Chand Momal T, Turner Stefanie, Solomon Leigh Ann, Jay Allison, Rabah Raja, Misra Vinod K
Department of Pathology, Ascension St John Hospital, Detroit, Michigan.
Department of Pediatrics, Division of Genetic, Genomic, and Metabolic Disorders, Children's Hospital of Michigan, Detroit, Michigan.
J Pediatr Adolesc Gynecol. 2020 Oct;33(5):577-580. doi: 10.1016/j.jpag.2020.06.008. Epub 2020 Jun 19.
Swyer syndrome is a difference of sex development that is typically associated with mutations in genes responsible for testicular development. It is speculated that some cases may result from cryptic 45,X/46,XY mosaicism leading to abnormal gonadal development. The presence or absence of a 45,X lineage is important for prognosis and management.
We present a case of apparent Swyer syndrome associated with a 46,XY chromosomal complement in lymphocytes and 45,X/46,XY mosaicism on analysis of her noncancerous gonad. Gonadal histology was consistent with a 45,X phenotype.

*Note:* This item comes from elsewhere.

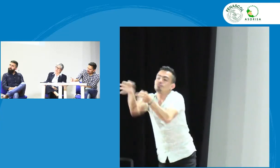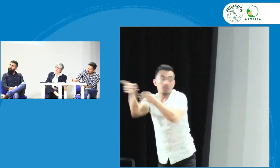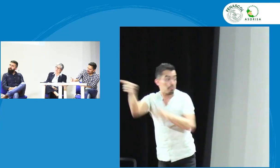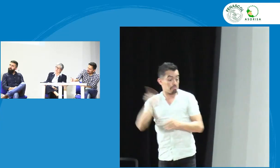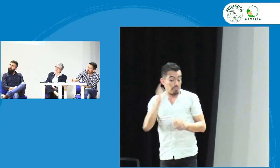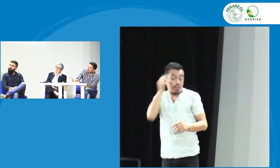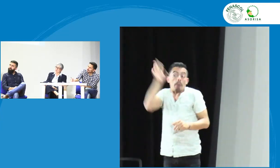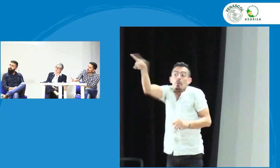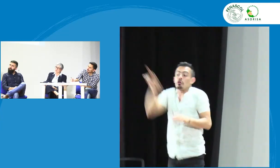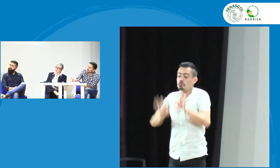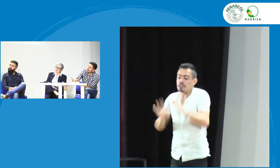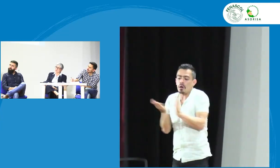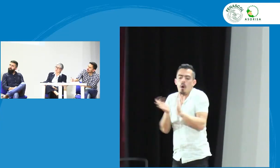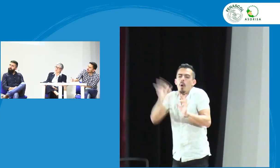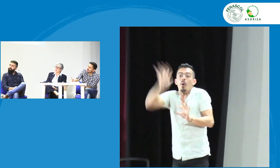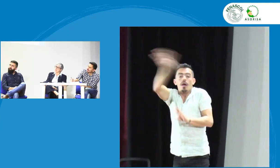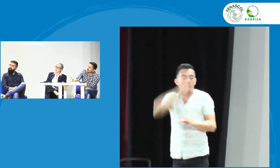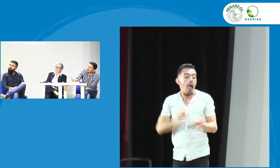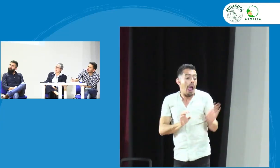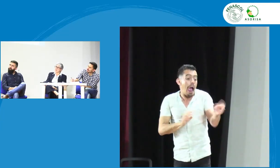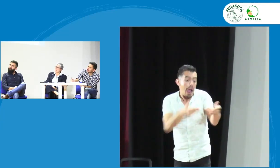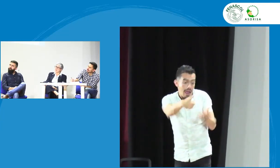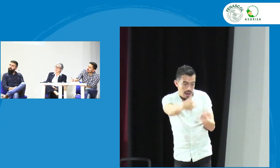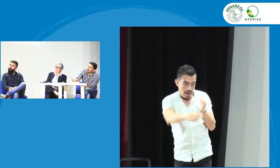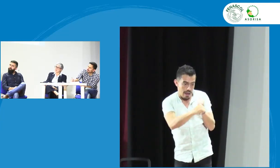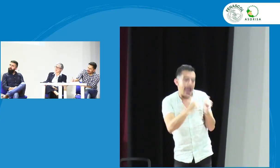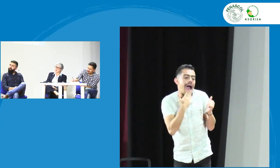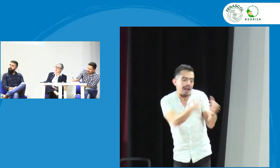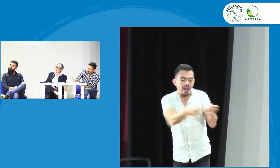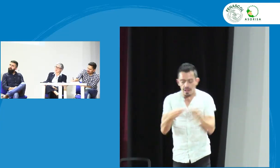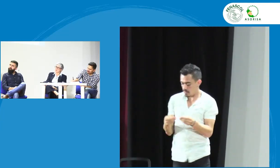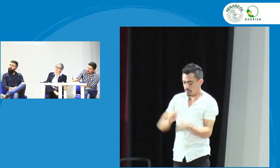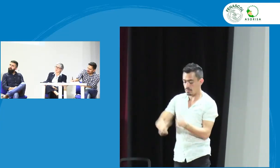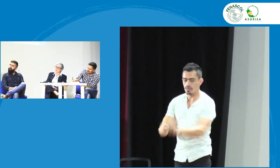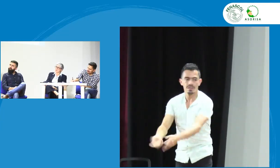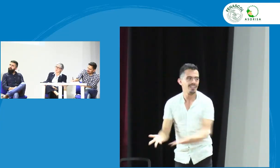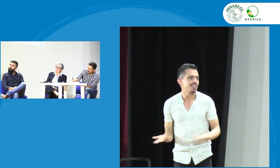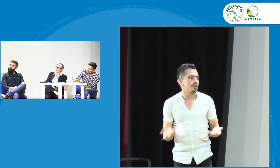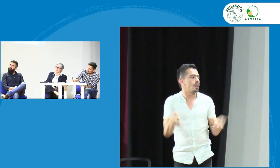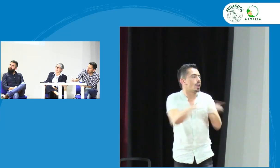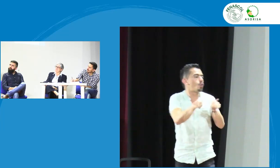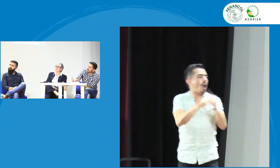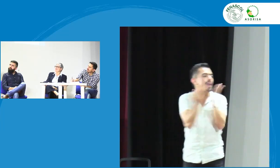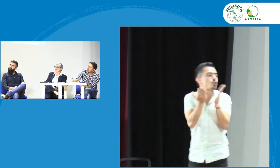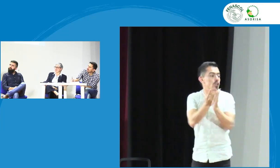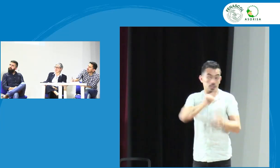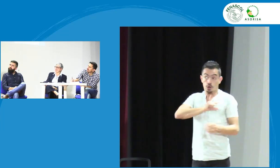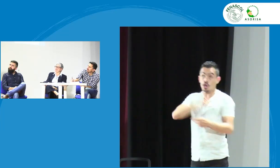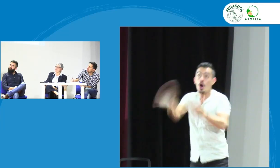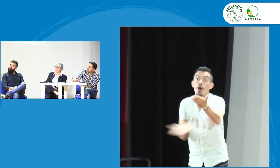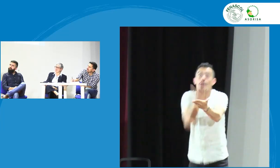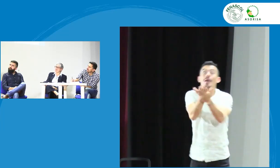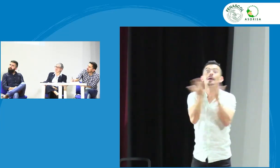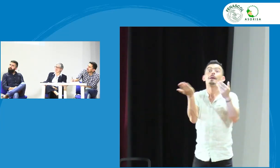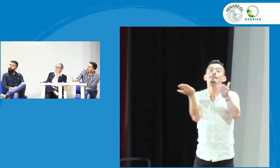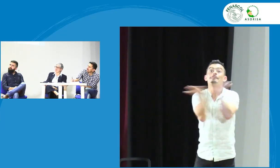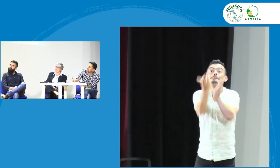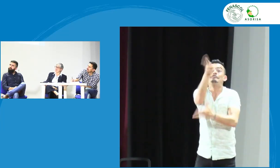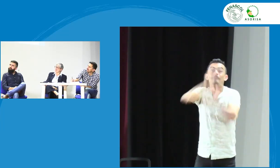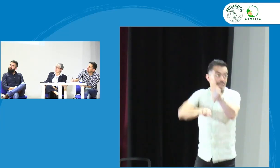nuestra figura de asesor por ejemplo una secretaría de educación ah bueno gracias por la asesoría yo voy a hacer mis variaciones porque soy autónomo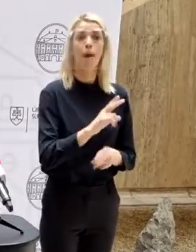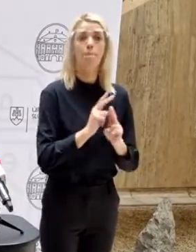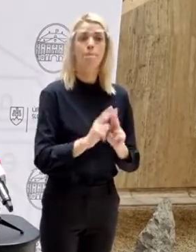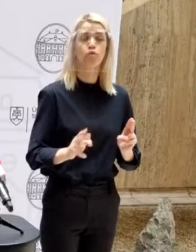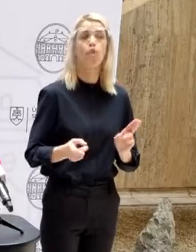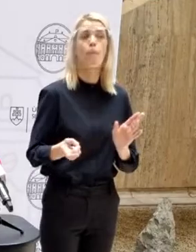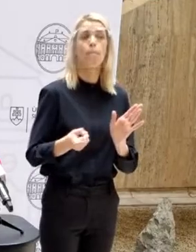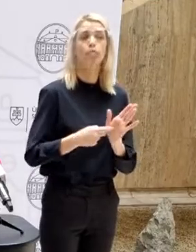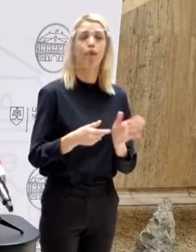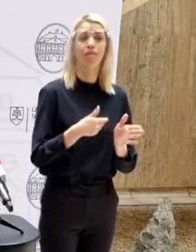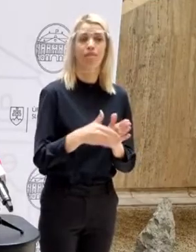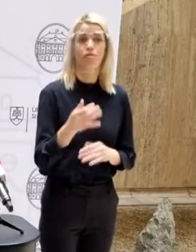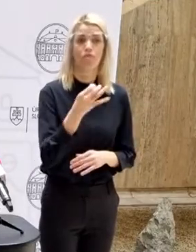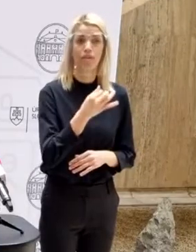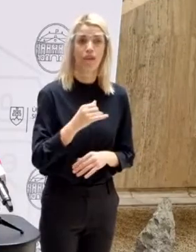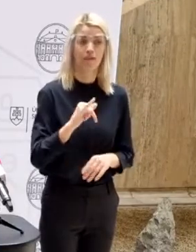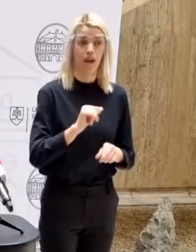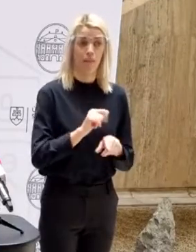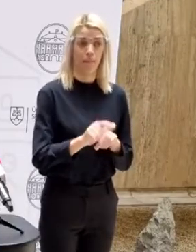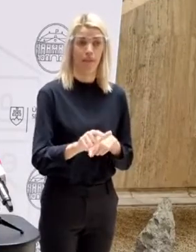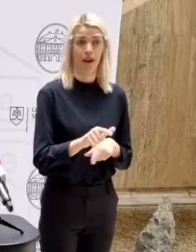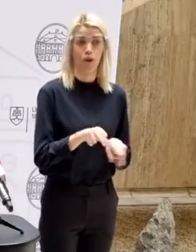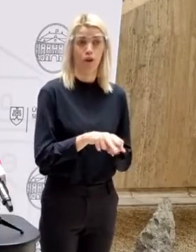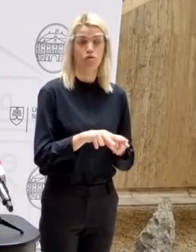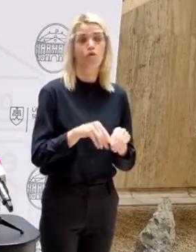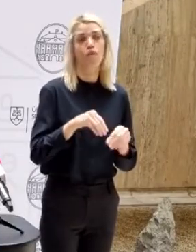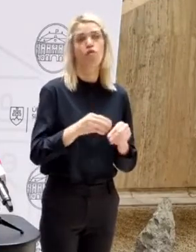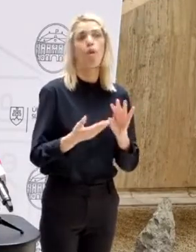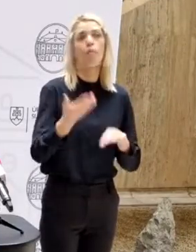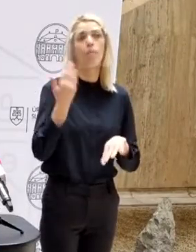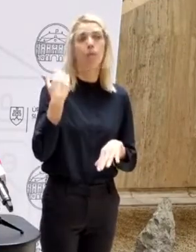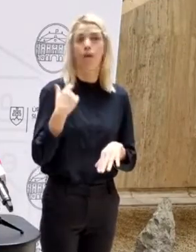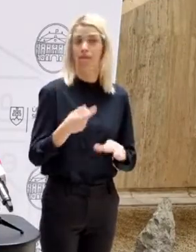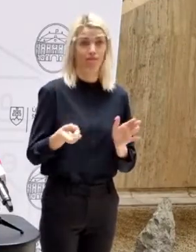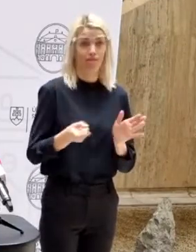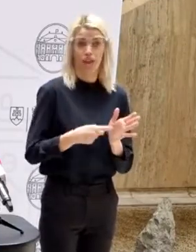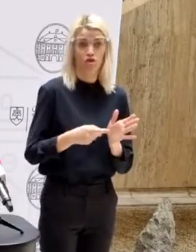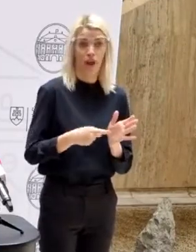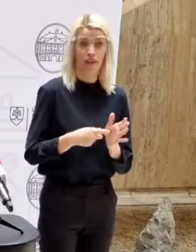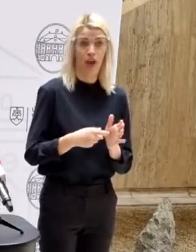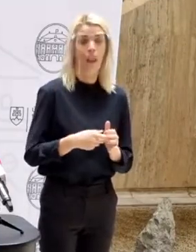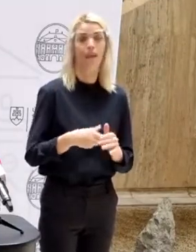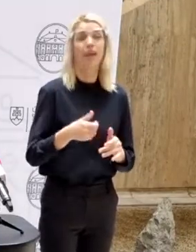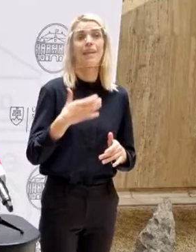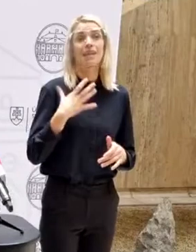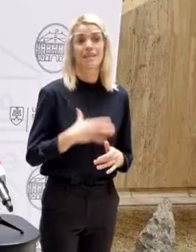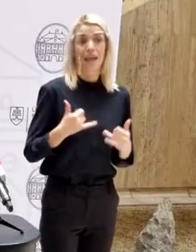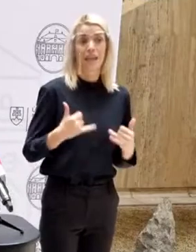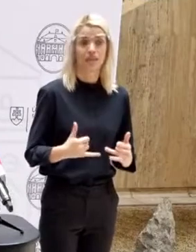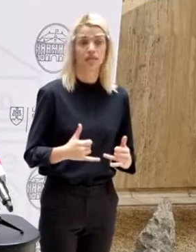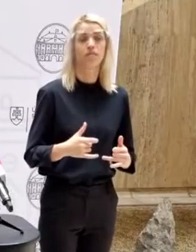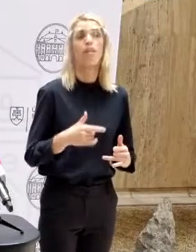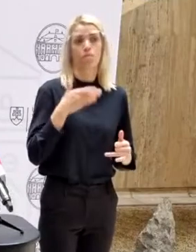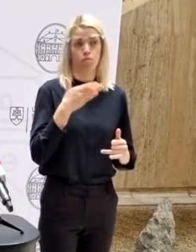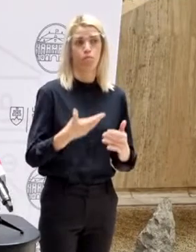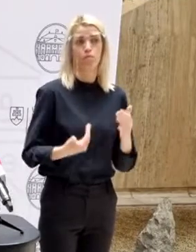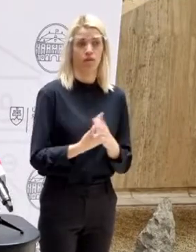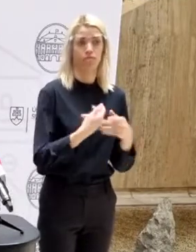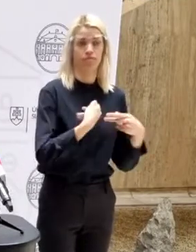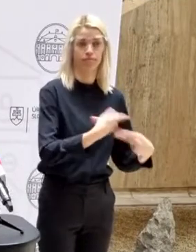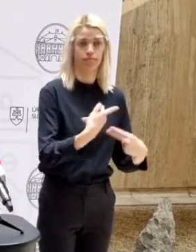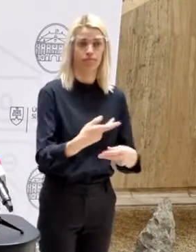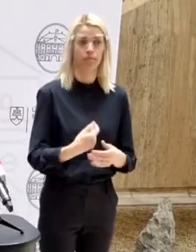aby požiadali o ďalšie testy aj pre tých rodičov, ktorí možno v minulosti nepožadovali tieto testy a následne budú distribuované.

This case demonstrates the clinical variability in the presentation of 45,X/46,XY mosaicism and highlights the importance of thorough genetic testing that includes consideration of chromosomal mosaicism. We will discuss the implications of this diagnosis for management.
斯维尔综合征是一种性发育差异疾病,通常与负责睾丸发育的基因突变有关。据推测,某些病例可能源于隐匿性45,X/46,XY嵌合体,导致性腺发育异常。45,X谱系的存在与否对预后和治疗至关重要。
我们报告一例明显的斯维尔综合征病例,淋巴细胞染色体组成为46,XY,非癌性腺组织分析显示为45,X/46,XY嵌合体。性腺组织学与45,X表型一致。
该病例展示了45,X/46,XY嵌合体临床表现的临床变异性,并强调了全面基因检测的重要性,包括考虑染色体嵌合体。我们将讨论这一诊断对治疗的影响。